Ambassador level talks will be followed with the foreign ministers meeting due to start at 16:00 GMT.

The meeting in the Egyptian capital had been scheduled for Tuesday, but was advanced to Sunday “in light of rapid developments in the Syria situation and based on the request of several Arab states”, Ahmed Ben Helli, Arab League deputy chief, said on Saturday.

Al Jazeera’s Nadim Baba, reporting from Cairo, said that Ahmed Aljarba, the head of the Syrian National Council (SNC), would give a speech at the foreign ministers meeting

The head of the opposition umbrella group backed by the West and Arab states is expected to ask Arab foreign ministers to back military intervention in Syria.

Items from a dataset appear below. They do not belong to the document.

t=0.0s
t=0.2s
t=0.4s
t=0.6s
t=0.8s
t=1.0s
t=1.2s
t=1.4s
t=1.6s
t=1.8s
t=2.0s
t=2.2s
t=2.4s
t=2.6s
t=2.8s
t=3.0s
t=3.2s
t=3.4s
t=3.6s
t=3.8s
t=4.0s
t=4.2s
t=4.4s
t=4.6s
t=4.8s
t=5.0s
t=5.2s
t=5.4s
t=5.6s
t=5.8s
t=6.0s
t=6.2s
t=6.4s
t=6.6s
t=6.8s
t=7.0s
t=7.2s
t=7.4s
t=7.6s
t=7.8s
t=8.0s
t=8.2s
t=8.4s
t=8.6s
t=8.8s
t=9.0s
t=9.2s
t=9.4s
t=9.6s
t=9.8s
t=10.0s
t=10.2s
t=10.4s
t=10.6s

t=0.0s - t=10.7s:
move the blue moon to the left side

The Arab League on Tuesday accused the Syrian government of carrying out a chemical-weapons attacks in a suburb of Damascus that killed hundreds of people, including children, on August 21.

Permanent representatives condemned what they called the “horrible crime carried out with internationally prohibited chemical weapons”, and put the “entire responsibility” on President Bashar al-Assad’s government.

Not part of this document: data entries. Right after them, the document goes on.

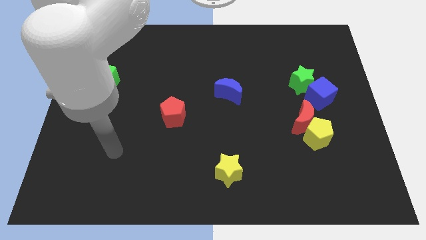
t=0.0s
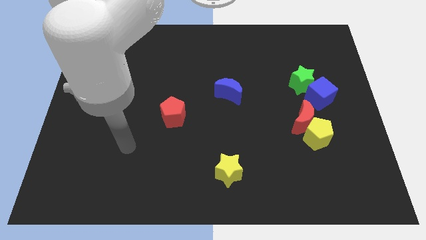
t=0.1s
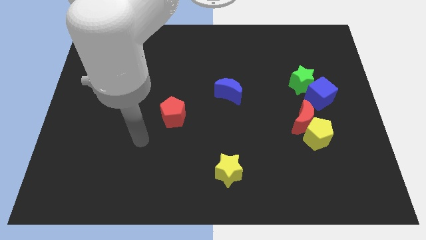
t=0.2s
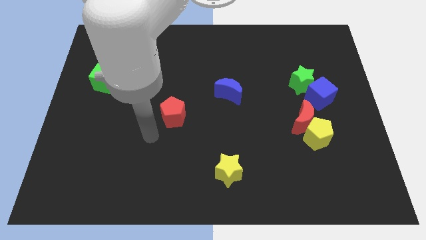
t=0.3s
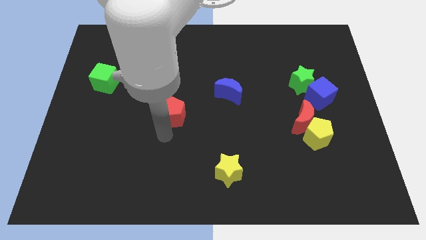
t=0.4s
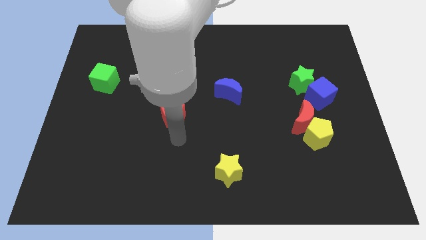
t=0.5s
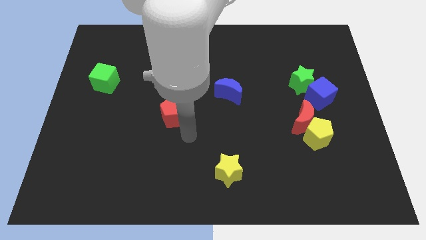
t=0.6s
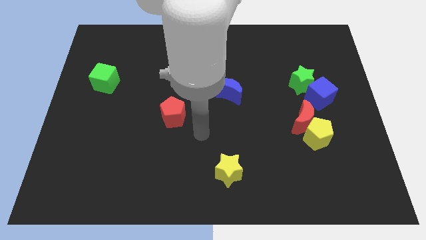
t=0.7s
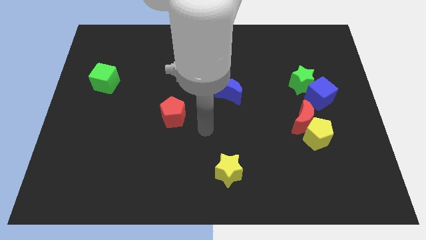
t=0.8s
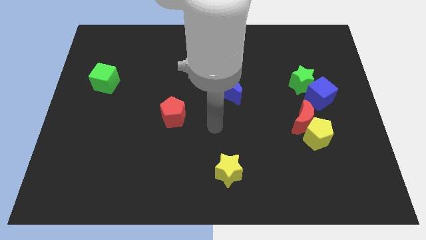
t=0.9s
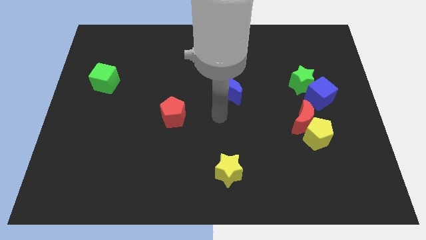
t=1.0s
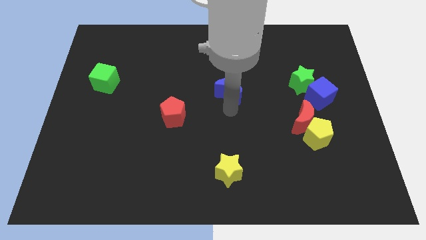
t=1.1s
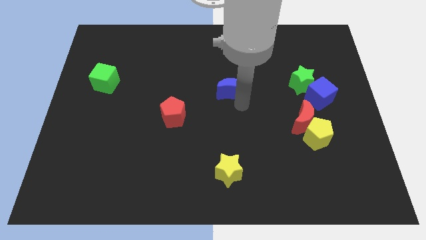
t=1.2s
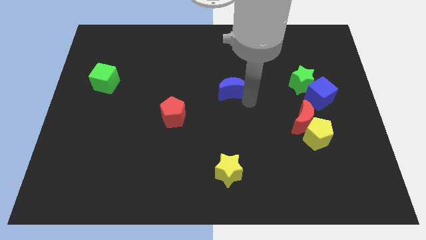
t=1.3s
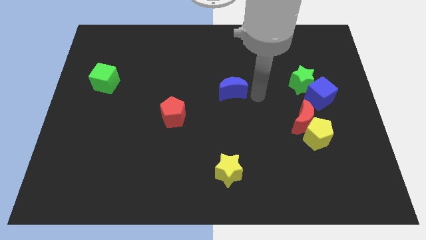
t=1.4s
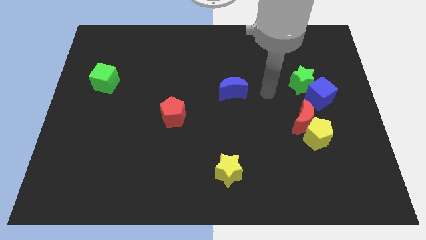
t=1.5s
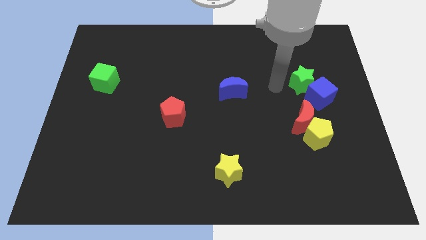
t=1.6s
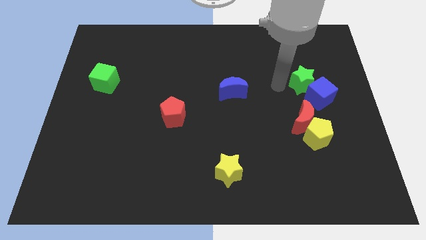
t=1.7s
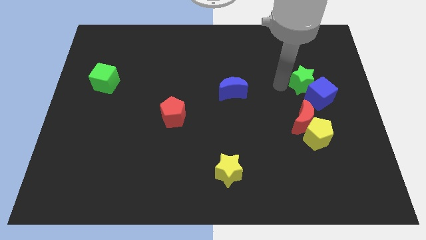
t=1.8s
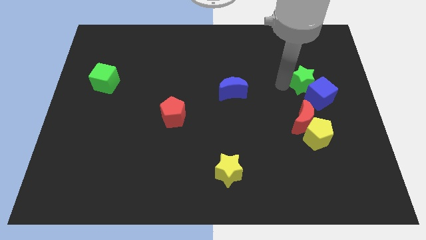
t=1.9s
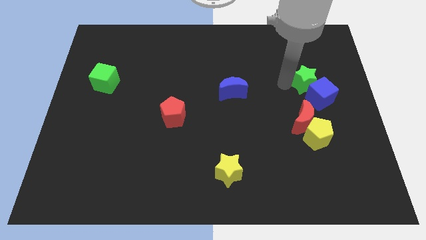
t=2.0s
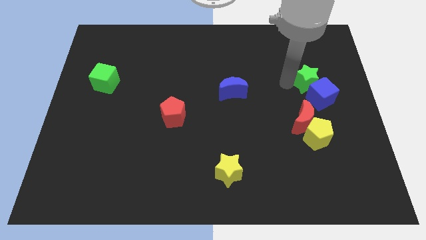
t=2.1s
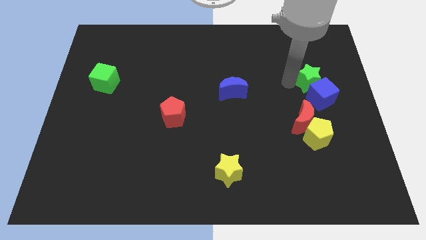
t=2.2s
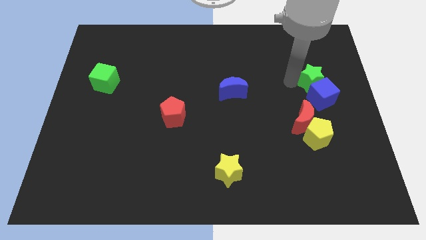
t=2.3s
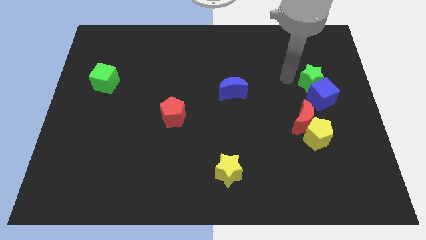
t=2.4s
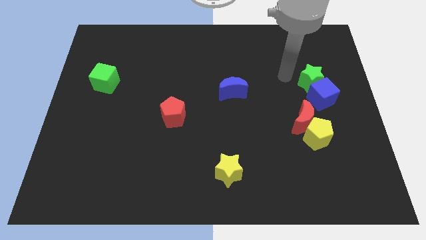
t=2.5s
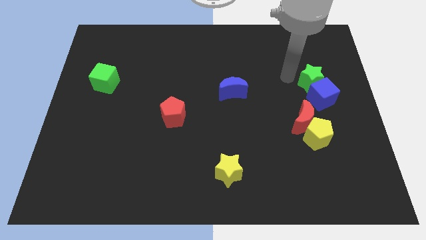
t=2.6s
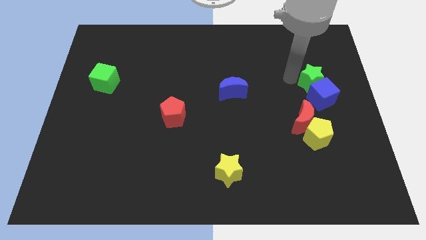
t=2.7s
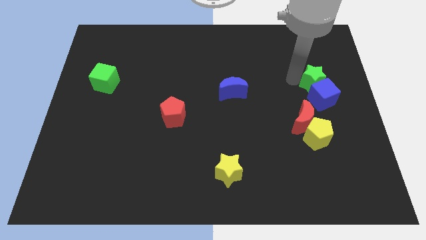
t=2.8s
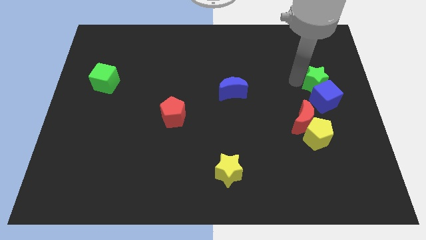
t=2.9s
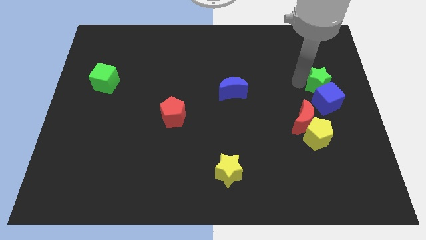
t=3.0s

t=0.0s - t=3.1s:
push the green star to the center right

The Arab League suspended Syria’s membership in 2011 after Assad’s government failed to abide by an Arab peace plan that aimed to end the conflict.

The 22-member organisation offered in March Syria’s seat to the SNC and decided to let its member nations arm the rebels battling Assad’s government.

John Kerry, the US secretary of state, named the regional body on Friday among a list of allies “ready to respond” to the alleged chemical-weapons attack.

However, some influential Arab League members, including Egypt, Iraq, Lebanon, Tunisia and Algeria, have expressed opposition to foreign military intervention in Syria.

Al Jazeera’s Cairo correspondent Nadim Baba said that it would be disappointment for the US, if Arab League does not give a unified green light to military intervention in Syria.

Some of the Gulf Arab countries, notably Qatar and the UAE, took part in the military operations in Libya that led to the removal of the longttime Libyan leader Muammar Gaddafi from power and his eventual death in 2011.

Bahrain hosts the US Fifth Fleet, while Centcom, the US command responsible for 20 countries in the Middle East and Central Asia, has a regional headquarters in Qatar, which also hosts the largest US airbase in the Middle East.